First off, if you haven’t taken a deep breath or unclenched your jaw since Election Day, please do so. Perhaps you’re happy with the outcome or you’re fearful for what will happen once a new president and his administration takes office in 2025. Maybe you still have some concerns about the election cycle and its unprecedented events: an assassination attempt, a presidential nominee leaving the race. The final presidential ticket had two candidates in unlikely positions: one, a convicted felon, and the other, a woman of color. Montanans, in particular, felt the election intensity as the U.S. Senate race between three-term incumbent Jon Tester and a Tim Sheehy broke spending records at a sum that honestly defies logic.
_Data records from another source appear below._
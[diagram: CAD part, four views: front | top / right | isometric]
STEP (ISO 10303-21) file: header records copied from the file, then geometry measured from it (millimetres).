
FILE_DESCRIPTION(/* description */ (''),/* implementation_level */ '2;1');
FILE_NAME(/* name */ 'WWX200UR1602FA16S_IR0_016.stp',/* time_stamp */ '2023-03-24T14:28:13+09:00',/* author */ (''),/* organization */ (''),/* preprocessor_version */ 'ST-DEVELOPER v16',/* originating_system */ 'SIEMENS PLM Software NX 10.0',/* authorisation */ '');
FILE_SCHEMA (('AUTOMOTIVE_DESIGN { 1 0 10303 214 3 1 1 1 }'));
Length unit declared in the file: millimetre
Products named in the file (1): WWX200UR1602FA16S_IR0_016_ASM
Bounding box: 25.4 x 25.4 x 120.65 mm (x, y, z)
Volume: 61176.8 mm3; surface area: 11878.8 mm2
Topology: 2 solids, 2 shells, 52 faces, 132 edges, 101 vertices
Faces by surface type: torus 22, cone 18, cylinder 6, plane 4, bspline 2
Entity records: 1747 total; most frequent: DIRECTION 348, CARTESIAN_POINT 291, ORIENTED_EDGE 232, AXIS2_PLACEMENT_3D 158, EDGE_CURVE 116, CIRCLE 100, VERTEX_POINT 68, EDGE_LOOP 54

A handful of days after the dust from the election settled, the AP reported that the Tester-Sheehy contest tallied more than $300 million in political advertising.
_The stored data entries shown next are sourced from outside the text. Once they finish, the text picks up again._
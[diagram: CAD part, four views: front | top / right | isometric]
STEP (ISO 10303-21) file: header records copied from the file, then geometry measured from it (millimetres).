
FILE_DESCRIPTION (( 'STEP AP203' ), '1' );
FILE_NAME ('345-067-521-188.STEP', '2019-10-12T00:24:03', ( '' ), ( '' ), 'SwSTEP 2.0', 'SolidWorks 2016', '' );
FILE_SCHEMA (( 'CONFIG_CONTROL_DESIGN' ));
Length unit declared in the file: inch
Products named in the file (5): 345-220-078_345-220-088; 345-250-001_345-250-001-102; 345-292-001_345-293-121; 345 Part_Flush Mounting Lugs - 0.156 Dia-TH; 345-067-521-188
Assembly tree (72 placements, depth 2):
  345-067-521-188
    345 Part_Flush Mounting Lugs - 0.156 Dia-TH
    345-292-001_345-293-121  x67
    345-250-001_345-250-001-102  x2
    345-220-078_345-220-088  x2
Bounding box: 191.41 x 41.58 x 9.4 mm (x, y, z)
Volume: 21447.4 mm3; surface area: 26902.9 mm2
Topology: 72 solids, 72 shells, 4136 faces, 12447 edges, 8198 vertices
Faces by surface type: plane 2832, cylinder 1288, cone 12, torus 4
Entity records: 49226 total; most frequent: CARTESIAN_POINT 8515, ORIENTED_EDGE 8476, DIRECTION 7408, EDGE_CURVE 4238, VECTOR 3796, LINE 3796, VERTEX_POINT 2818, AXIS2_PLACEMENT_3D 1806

It’s likely that no matter who you voted for, a figure of that size would make all of us question the role of extreme money and power in our democratic system. $300 million could go so far to improving the areas of our life that candidates touted as part of our “Montana values” during their campaign spiels. If part of our Montana values are providing a robust system of public education then that staggering figure for one specific race could help pull the state from its last place ranking in teacher pay and rid all of our schools’ water supply from lead contamination. If Montana values is about access to a clean and healthy environment, as enshrined in our unique state constitution, those hundreds of millions of dollars would be well spent on climate resilience projects and innovations in renewable energies.
But that spending went to attack ads on all channels of media and left mailboxes clogged with flyers. It’s a lot of money for one seat and makes me consider what kind of power that will buy. The race is over, but governance is just beginning.
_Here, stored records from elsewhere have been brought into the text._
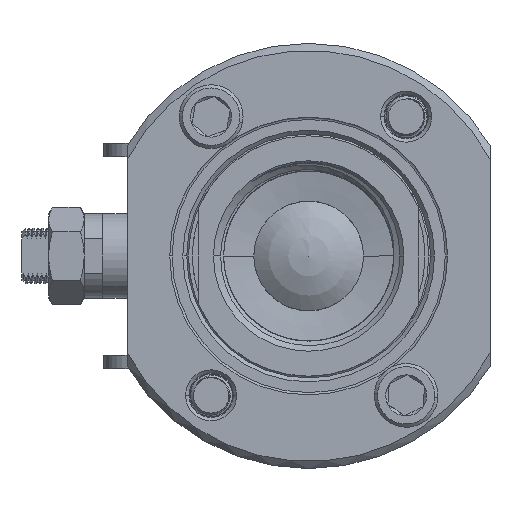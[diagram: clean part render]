
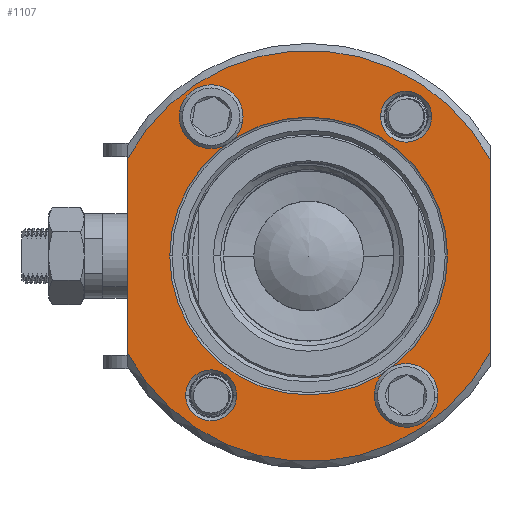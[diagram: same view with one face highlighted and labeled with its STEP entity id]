
A CAD part, left-side view. The second image highlights one B-rep face of the part: STEP entity #1107.
In plain terms, the highlighted planar face has unit normal (-1, 0, 0).
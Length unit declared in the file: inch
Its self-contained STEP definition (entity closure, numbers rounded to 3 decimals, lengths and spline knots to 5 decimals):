
#946 = ORIENTED_EDGE ( 'NONE', *, *, #120424, .T. ) ;
#1019 = EDGE_LOOP ( 'NONE', ( #3025, #73102 ) ) ;
#1107 = ADVANCED_FACE ( 'NONE', ( #117438, #88505, #59508, #120873, #30432, #1441 ), #71432, .F. ) ;
#1441 = FACE_OUTER_BOUND ( 'NONE', #17895, .T. ) ;
#3025 = ORIENTED_EDGE ( 'NONE', *, *, #45610, .T. ) ;
#7427 = EDGE_CURVE ( 'NONE', #36848, #39837, #82875, .T. ) ;
#10414 = EDGE_CURVE ( 'NONE', #22069, #73989, #96283, .T. ) ;
#10929 = AXIS2_PLACEMENT_3D ( 'NONE', #124794, #59540, #135791 ) ;
#11953 = CARTESIAN_POINT ( 'NONE',  ( -1.765, -0.86, -1.22898 ) ) ;
#12681 = CARTESIAN_POINT ( 'NONE',  ( -1.765, -0.635, 1.22898 ) ) ;
#13339 = CIRCLE ( 'NONE', #106088, 1.8125 ) ;
#15996 = ORIENTED_EDGE ( 'NONE', *, *, #10414, .F. ) ;
#16958 = DIRECTION ( 'NONE',  ( 0., 1., 0. ) ) ;
#17163 = DIRECTION ( 'NONE',  ( 0., 0., 1. ) ) ;
#17638 = CARTESIAN_POINT ( 'NONE',  ( -1.765, 1.5995, 1.225 ) ) ;
#17895 = EDGE_LOOP ( 'NONE', ( #48425, #30637, #63201, #126856 ) ) ;
#18550 = ORIENTED_EDGE ( 'NONE', *, *, #75703, .T. ) ;
#20020 = CARTESIAN_POINT ( 'NONE',  ( -1.765, -1.085, 1.22898 ) ) ;
#22069 = VERTEX_POINT ( 'NONE', #27220 ) ;
#22763 = CARTESIAN_POINT ( 'NONE',  ( -1.765, 0., 0. ) ) ;
#22933 = DIRECTION ( 'NONE',  ( 0., 1., 0. ) ) ;
#23269 = DIRECTION ( 'NONE',  ( -1., 0., 0. ) ) ;
#24241 = DIRECTION ( 'NONE',  ( -1., 0., 0. ) ) ;
#24743 = ORIENTED_EDGE ( 'NONE', *, *, #112895, .T. ) ;
#27220 = CARTESIAN_POINT ( 'NONE',  ( -1.765, -1.225, 0. ) ) ;
#28220 = VECTOR ( 'NONE', #17163, 39.37008 ) ;
#30432 = FACE_BOUND ( 'NONE', #111230, .T. ) ;
#30637 = ORIENTED_EDGE ( 'NONE', *, *, #7427, .T. ) ;
#32495 = VERTEX_POINT ( 'NONE', #20020 ) ;
#33552 = VERTEX_POINT ( 'NONE', #92034 ) ;
#33738 = DIRECTION ( 'NONE',  ( 0., -1., 0. ) ) ;
#34433 = ORIENTED_EDGE ( 'NONE', *, *, #132888, .T. ) ;
#35243 = CARTESIAN_POINT ( 'NONE',  ( -1.765, 0.86, -1.22898 ) ) ;
#35753 = CARTESIAN_POINT ( 'NONE',  ( -1.765, 1.5995, 0.8525 ) ) ;
#36127 = CARTESIAN_POINT ( 'NONE',  ( -1.765, 0.86, -1.22898 ) ) ;
#36848 = VERTEX_POINT ( 'NONE', #59285 ) ;
#37142 = AXIS2_PLACEMENT_3D ( 'NONE', #51615, #127885, #62624 ) ;
#37962 = CIRCLE ( 'NONE', #104005, 0.225 ) ;
#38950 = VERTEX_POINT ( 'NONE', #122988 ) ;
#39837 = VERTEX_POINT ( 'NONE', #66181 ) ;
#39840 = DIRECTION ( 'NONE',  ( 1., 0., 0. ) ) ;
#40983 = CIRCLE ( 'NONE', #109015, 1.225 ) ;
#41753 = AXIS2_PLACEMENT_3D ( 'NONE', #129059, #63802, #140016 ) ;
#44290 = CIRCLE ( 'NONE', #103084, 0.225 ) ;
#45569 = CARTESIAN_POINT ( 'NONE',  ( -1.765, 1.225, 0. ) ) ;
#45610 = EDGE_CURVE ( 'NONE', #135114, #38950, #46382, .T. ) ;
#46209 = DIRECTION ( 'NONE',  ( 0., 1., 0. ) ) ;
#46382 = CIRCLE ( 'NONE', #37142, 0.225 ) ;
#46611 = VERTEX_POINT ( 'NONE', #12681 ) ;
#47092 = DIRECTION ( 'NONE',  ( 0., 1., 0. ) ) ;
#48425 = ORIENTED_EDGE ( 'NONE', *, *, #101216, .T. ) ;
#49611 = CIRCLE ( 'NONE', #41753, 1.8125 ) ;
#51615 = CARTESIAN_POINT ( 'NONE',  ( -1.765, -0.86, -1.22898 ) ) ;
#53110 = EDGE_CURVE ( 'NONE', #39837, #66463, #13339, .T. ) ;
#53279 = ORIENTED_EDGE ( 'NONE', *, *, #138949, .T. ) ;
#54577 = VERTEX_POINT ( 'NONE', #80798 ) ;
#59285 = CARTESIAN_POINT ( 'NONE',  ( -1.765, -1.5995, -0.8525 ) ) ;
#59508 = FACE_BOUND ( 'NONE', #122967, .T. ) ;
#59540 = DIRECTION ( 'NONE',  ( 1., 0., 0. ) ) ;
#60564 = CARTESIAN_POINT ( 'NONE',  ( -1.765, -0.86, 1.22898 ) ) ;
#60912 = DIRECTION ( 'NONE',  ( 1., 0., 0. ) ) ;
#61143 = AXIS2_PLACEMENT_3D ( 'NONE', #126163, #60912, #137158 ) ;
#62413 = ORIENTED_EDGE ( 'NONE', *, *, #92738, .F. ) ;
#62624 = DIRECTION ( 'NONE',  ( 0., 1., 0. ) ) ;
#63201 = ORIENTED_EDGE ( 'NONE', *, *, #53110, .T. ) ;
#63802 = DIRECTION ( 'NONE',  ( -1., 0., 0. ) ) ;
#64216 = AXIS2_PLACEMENT_3D ( 'NONE', #136704, #82350, #16958 ) ;
#66181 = CARTESIAN_POINT ( 'NONE',  ( -1.765, -1.5995, 0.8525 ) ) ;
#66463 = VERTEX_POINT ( 'NONE', #35753 ) ;
#71432 = PLANE ( 'NONE',  #64216 ) ;
#71533 = DIRECTION ( 'NONE',  ( 0., 1., 0. ) ) ;
#72189 = CARTESIAN_POINT ( 'NONE',  ( -1.765, 0.635, 1.22898 ) ) ;
#73102 = ORIENTED_EDGE ( 'NONE', *, *, #84555, .T. ) ;
#73989 = VERTEX_POINT ( 'NONE', #45569 ) ;
#74923 = CIRCLE ( 'NONE', #10929, 0.225 ) ;
#75703 = EDGE_CURVE ( 'NONE', #54577, #87294, #77943, .T. ) ;
#77829 = EDGE_CURVE ( 'NONE', #33552, #66463, #86274, .T. ) ;
#77943 = CIRCLE ( 'NONE', #130119, 0.225 ) ;
#80798 = CARTESIAN_POINT ( 'NONE',  ( -1.765, 1.085, -1.22898 ) ) ;
#82350 = DIRECTION ( 'NONE',  ( 1., 0., 0. ) ) ;
#82875 = LINE ( 'NONE', #107657, #115258 ) ;
#82907 = VERTEX_POINT ( 'NONE', #72189 ) ;
#83717 = CARTESIAN_POINT ( 'NONE',  ( -1.765, 1.085, 1.22898 ) ) ;
#84065 = AXIS2_PLACEMENT_3D ( 'NONE', #35243, #111522, #46209 ) ;
#84555 = EDGE_CURVE ( 'NONE', #38950, #135114, #37962, .T. ) ;
#86274 = LINE ( 'NONE', #17638, #28220 ) ;
#87294 = VERTEX_POINT ( 'NONE', #124739 ) ;
#88314 = DIRECTION ( 'NONE',  ( 1., 0., 0. ) ) ;
#88505 = FACE_BOUND ( 'NONE', #133172, .T. ) ;
#88642 = CARTESIAN_POINT ( 'NONE',  ( -1.765, 0., 0. ) ) ;
#89623 = CARTESIAN_POINT ( 'NONE',  ( -1.765, 0., 0. ) ) ;
#92034 = CARTESIAN_POINT ( 'NONE',  ( -1.765, 1.5995, -0.8525 ) ) ;
#92738 = EDGE_CURVE ( 'NONE', #73989, #22069, #40983, .T. ) ;
#96283 = CIRCLE ( 'NONE', #140981, 1.225 ) ;
#98427 = CARTESIAN_POINT ( 'NONE',  ( -1.765, -1.085, -1.22898 ) ) ;
#99082 = DIRECTION ( 'NONE',  ( -1., 0., 0. ) ) ;
#99588 = DIRECTION ( 'NONE',  ( 0., -1., 0. ) ) ;
#99608 = CIRCLE ( 'NONE', #136526, 0.225 ) ;
#100553 = DIRECTION ( 'NONE',  ( 0., -1., 0. ) ) ;
#101216 = EDGE_CURVE ( 'NONE', #33552, #36848, #49611, .T. ) ;
#103084 = AXIS2_PLACEMENT_3D ( 'NONE', #60564, #136800, #71533 ) ;
#104005 = AXIS2_PLACEMENT_3D ( 'NONE', #11953, #88314, #22933 ) ;
#105178 = CARTESIAN_POINT ( 'NONE',  ( -1.765, 0.86, 1.22898 ) ) ;
#106088 = AXIS2_PLACEMENT_3D ( 'NONE', #88642, #23269, #99588 ) ;
#106583 = DIRECTION ( 'NONE',  ( 0., 0., 1. ) ) ;
#107657 = CARTESIAN_POINT ( 'NONE',  ( -1.765, -1.5995, 1.225 ) ) ;
#109015 = AXIS2_PLACEMENT_3D ( 'NONE', #22763, #99082, #33738 ) ;
#111230 = EDGE_LOOP ( 'NONE', ( #34433, #946 ) ) ;
#111522 = DIRECTION ( 'NONE',  ( 1., 0., 0. ) ) ;
#112394 = DIRECTION ( 'NONE',  ( 1., 0., 0. ) ) ;
#112895 = EDGE_CURVE ( 'NONE', #87294, #54577, #135970, .T. ) ;
#115258 = VECTOR ( 'NONE', #106583, 39.37008 ) ;
#116116 = DIRECTION ( 'NONE',  ( 0., 1., 0. ) ) ;
#117438 = FACE_BOUND ( 'NONE', #137132, .T. ) ;
#120424 = EDGE_CURVE ( 'NONE', #134741, #82907, #99608, .T. ) ;
#120873 = FACE_BOUND ( 'NONE', #1019, .T. ) ;
#122498 = ORIENTED_EDGE ( 'NONE', *, *, #130068, .T. ) ;
#122967 = EDGE_LOOP ( 'NONE', ( #122498, #53279 ) ) ;
#122988 = CARTESIAN_POINT ( 'NONE',  ( -1.765, -0.635, -1.22898 ) ) ;
#124739 = CARTESIAN_POINT ( 'NONE',  ( -1.765, 0.635, -1.22898 ) ) ;
#124794 = CARTESIAN_POINT ( 'NONE',  ( -1.765, 0.86, 1.22898 ) ) ;
#126163 = CARTESIAN_POINT ( 'NONE',  ( -1.765, -0.86, 1.22898 ) ) ;
#126856 = ORIENTED_EDGE ( 'NONE', *, *, #77829, .F. ) ;
#127885 = DIRECTION ( 'NONE',  ( 1., 0., 0. ) ) ;
#127960 = CIRCLE ( 'NONE', #61143, 0.225 ) ;
#129059 = CARTESIAN_POINT ( 'NONE',  ( -1.765, 0., 0. ) ) ;
#130068 = EDGE_CURVE ( 'NONE', #32495, #46611, #127960, .T. ) ;
#130119 = AXIS2_PLACEMENT_3D ( 'NONE', #36127, #112394, #47092 ) ;
#132888 = EDGE_CURVE ( 'NONE', #82907, #134741, #74923, .T. ) ;
#133172 = EDGE_LOOP ( 'NONE', ( #24743, #18550 ) ) ;
#134741 = VERTEX_POINT ( 'NONE', #83717 ) ;
#135114 = VERTEX_POINT ( 'NONE', #98427 ) ;
#135791 = DIRECTION ( 'NONE',  ( 0., 1., 0. ) ) ;
#135970 = CIRCLE ( 'NONE', #84065, 0.225 ) ;
#136526 = AXIS2_PLACEMENT_3D ( 'NONE', #105178, #39840, #116116 ) ;
#136704 = CARTESIAN_POINT ( 'NONE',  ( -1.765, 0., 1.225 ) ) ;
#136800 = DIRECTION ( 'NONE',  ( 1., 0., 0. ) ) ;
#137132 = EDGE_LOOP ( 'NONE', ( #15996, #62413 ) ) ;
#137158 = DIRECTION ( 'NONE',  ( 0., 1., 0. ) ) ;
#138949 = EDGE_CURVE ( 'NONE', #46611, #32495, #44290, .T. ) ;
#140016 = DIRECTION ( 'NONE',  ( 0., -1., 0. ) ) ;
#140981 = AXIS2_PLACEMENT_3D ( 'NONE', #89623, #24241, #100553 ) ;

It’s late fall, a time of gathering in our communities for a slate of holidays. It’s a festive and simultaneously restful time with the waning hours of daylight. It’s the time we take a pause from what felt like an endless barrage of political news. But our work isn’t over. As citizens, we need to manage our legislators. They work for us, whether that’s in Helena or Washington, D.C. We need to share our priorities for governance, which more than likely includes a way for more Montanans to be able to afford to live here. Statewide, the Republicans lost their supermajority in this election and my hope is that with a little less of absolute control, our legislators will address the myriad of issues our state faces from fixing the crisis at the Office of Public Instruction to stemming the pain of the skyrocketing increases in property taxes. It’s our right to demand good and fair governance, for all Montanans.